## Exercise objective
Return exactly the lines of the entries, from the one with "Q: Is the spacing between lines" to the last.

## Material provided
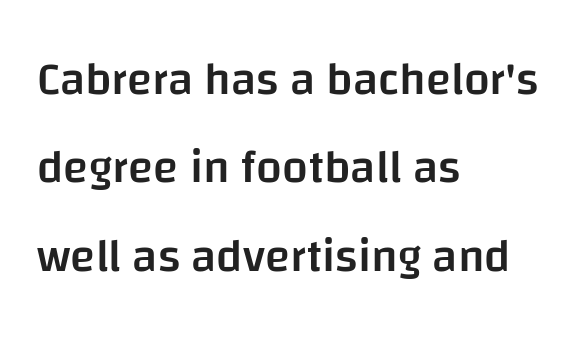
Q: Is the text bold? A: Semi-bold.
Q: Is the text italic (slanted)? A: No, it is upright.
Q: Is the typeface a serif or a sans-serif typeface? A: Sans-serif.
Q: Is the text underlined? A: No.
Q: How is the paragraph aligned? A: Left-aligned.
Q: Is the spacing between letters normal or unusually wide? A: Normal.
Q: Is the spacing between lines tight, normal or loose? A: Loose.
Q: Width (condensed, normal, or wide)? A: Normal.
Q: Stroke contrast? A: Low.
Q: x-height? A: Large.
Q: Monospaced? A: No.

## Response
Q: Is the spacing between lines tight, normal or loose? A: Loose.
Q: Width (condensed, normal, or wide)? A: Normal.
Q: Stroke contrast? A: Low.
Q: x-height? A: Large.
Q: Monospaced? A: No.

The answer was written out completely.